熊小滚要拉他起来,他不动,熊小滚要解开他的嘴套,他把头埋得更深,他抗拒着,挣脱着,始终不抬头。

“你看看这个,”熊小滚绕开档案绳,拿出征调函,递到他眼底,“你看看上面写的,我没有骗你。”

“阿冶。”

“你可以去过你想要的生活了,第一步就先从离开独玉分所开始。”

“试一试吧,好吗?”

“走不出去不难的。”

阿冶一动不动,没有反应。

“看到了吗?我的儿子不想跟你走!”顾令萍哈哈笑着,大叫,“你们都是骗子!他不会上当的!你们告诉向虹!她生不出儿子是她没本事!别拉拢你们来抢我的儿子!”

“都滚!”

顾令萍推开徒弟,挥飞一桌物品,命令道:“都滚——!”

房间逼仄,阴冷,排气扇静秘地转,只有门口有光透进,熊小滚起身,站在阿冶面前,站了好一会儿,把征调函重新放回他面前,才慢慢转身。

他望着面前的人,朗玉山,沈鸣,窃蓝,都在看着他,心痛复杂的眼神好像在劝他算了。

又是算了。

看到一个孩子被折磨得没了人形,明明那么愤怒,可当事人放弃了,想帮助他的人也能轻松就作罢吗?

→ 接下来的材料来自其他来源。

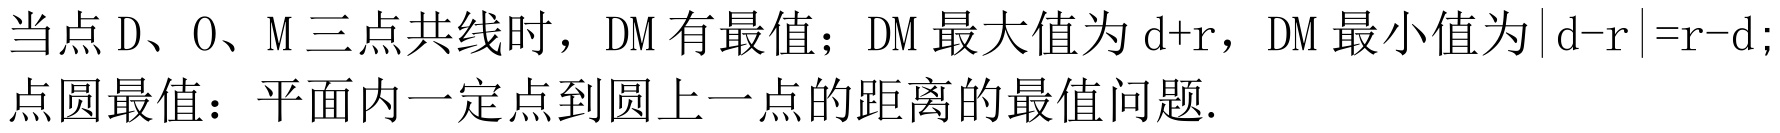
当点 \(D、O、M\) 三点共线时，\(DM\) 有最值；\(DM\) 最大值为 \(d + r\)，\(DM\) 最小值为\(\vert d - r\vert=r - d\);
点圆最值：平面内一定点到圆上一点的距离的最值问题.
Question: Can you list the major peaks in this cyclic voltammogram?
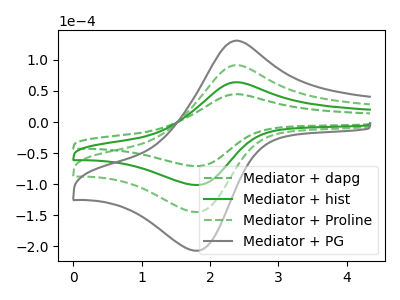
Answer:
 <answer>The green dashed curve "Mediator + dapg" has an anodic peak at (2.40V, 44.85uA) and a cathodic peak at (1.80V, -71.00uA). The green curve "Mediator + hist" has an anodic peak at (2.40V, 64.15uA) and a cathodic peak at (1.80V, -101.45uA). The green dashed curve "Mediator + Proline" has an anodic peak at (2.40V, 128.25uA) and a cathodic peak at (1.80V, -202.90uA). The gray curve "Mediator + PG" has an anodic peak at (2.40V, 192.40uA) and a cathodic peak at (1.80V, -304.40uA).</answer>
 <eval></eval>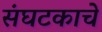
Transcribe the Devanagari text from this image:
संघटकाचे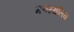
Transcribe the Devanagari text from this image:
मरुस्थलिय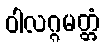
ဝါလဂ္ဂမတ္တံ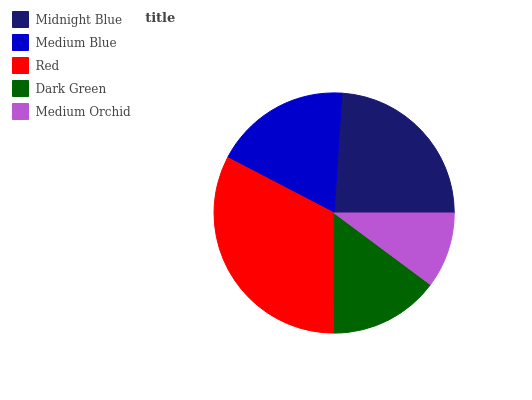
| Midnight Blue | Medium Blue | Red | Dark Green | Medium Orchid |
 | --- | --- | --- | --- | --- |
 | 24% | 18.4% | 32.6% | 14.8% | 10.2% |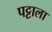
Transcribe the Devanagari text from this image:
पट्टाला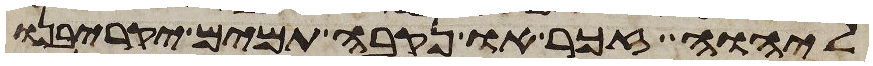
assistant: ליהוה זכר או נקבה תמים יקריבנו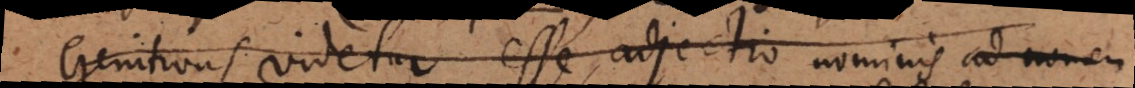
Genitivus videtur esse, adjectio nominis ad nomen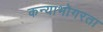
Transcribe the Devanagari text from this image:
कन्याभोगरता
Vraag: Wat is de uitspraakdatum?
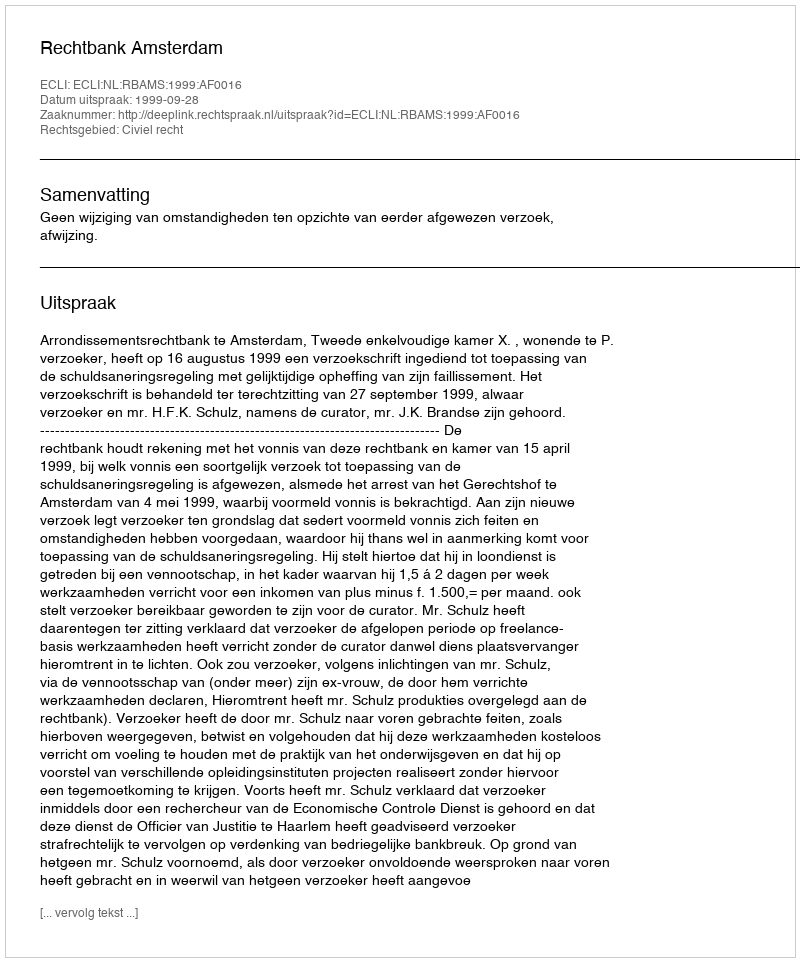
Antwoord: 1999-09-28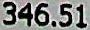
346.51
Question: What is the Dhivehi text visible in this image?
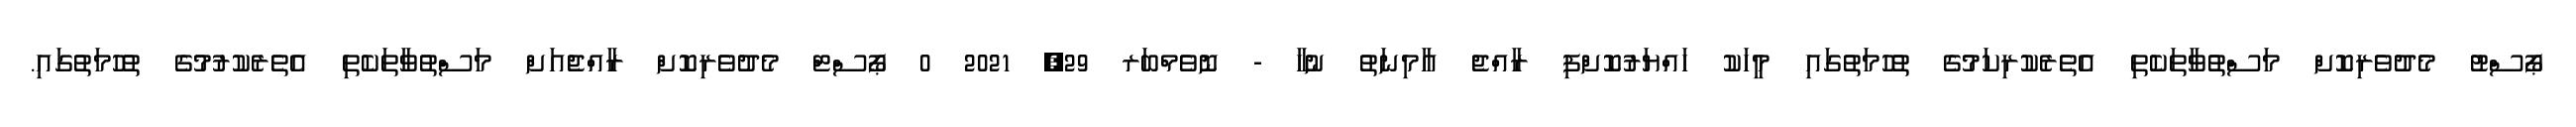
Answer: ޕޯސްޓު މެދުވެރިކޮށް މަސްތުވާތަކެތި އެތެރެކުރިކަމުގެ ތުހުމަތުގައި މީހަކު ހައްޔަރުކޮށްފި ރާއްޖެ އާމިނަތު ނުހާ - ނޮވެމްބަރ 29, 2021 0 ޕޯސްޓް މެދުވެރިކޮށް ރާއްޖެއަށް މަސްތުވާތަކެތި އެތެރެކުރުމުގެ ތުހުމަތުގައި.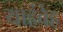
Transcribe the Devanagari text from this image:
याहंवेह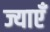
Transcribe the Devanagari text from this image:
ज्याएँ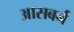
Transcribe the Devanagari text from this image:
आसबर्न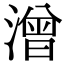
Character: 潧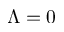
\Lambda = 0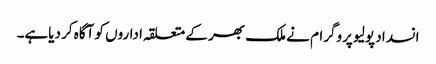
انسداد پولیو پروگرام نے ملک بھر کے متعلقہ اداروں کو آگاہ کر دیاہے۔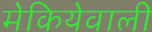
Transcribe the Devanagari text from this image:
मेकियेवाली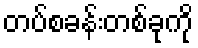
တပ်စခန်းတစ်ခုကို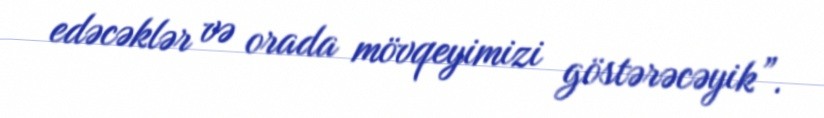
edəcəklər və orada mövqeyimizi göstərəcəyik”.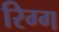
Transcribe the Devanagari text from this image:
रिग्ग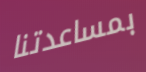
بمساعدتنا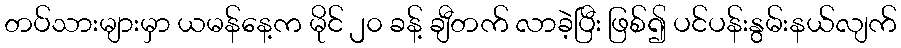
တပ်သားများမှာ ယမန်နေ့က မိုင် ၂၀ ခန့် ချီတက် လာခဲ့ပြီး ဖြစ်၍ ပင်ပန်းနွမ်းနယ်လျက်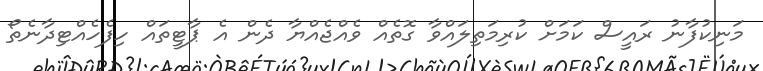
މަނިކުފާނު ރައީސް ކަމަށް ކުރިމަތިލައްވާ ގޮތެއް ވެއްޖެއްޔާ ދެން އެ ޕާޓީތައް ހިފެހެއްޓިދާނެތޯ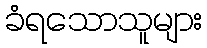
ခံရသောသူများ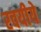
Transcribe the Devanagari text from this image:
रवयीये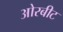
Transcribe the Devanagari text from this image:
ओरबीट

这个社会太畸形了,抗争和勇气是错的,顺应和沉默才是对的。

这个社会太畸形了。

熊小滚脚好沉,大腿肌肉仿佛死去,迈不开步子,他知道这一走等于彻底和这名少年告别。

这一年挣扎全无意义。

脚抬了起来,往前跨,然而这一步没能落下,他的衣摆被轻轻拽住,他感受到了背后的重量,非常弱却异常清晰。

是反抗的声音。

他没有放弃自己。

熊小滚回头,眼底泛着水迹,模糊温热的视野中是戴着嘴套的少年,同样在泪流满面。

他被烫坏的声带肌肉颤动着,乞求活过来,拼命地送出声音——

“我……”

“跟……你……”

“走……”

手术刀无声息飞来,一刃光过,扎破他纤细的眼角,血滴银烂地坠落,顾令萍陡然暴发,惊悚地扑过去,抓住少年的衣服死命拉扯:“不准走!”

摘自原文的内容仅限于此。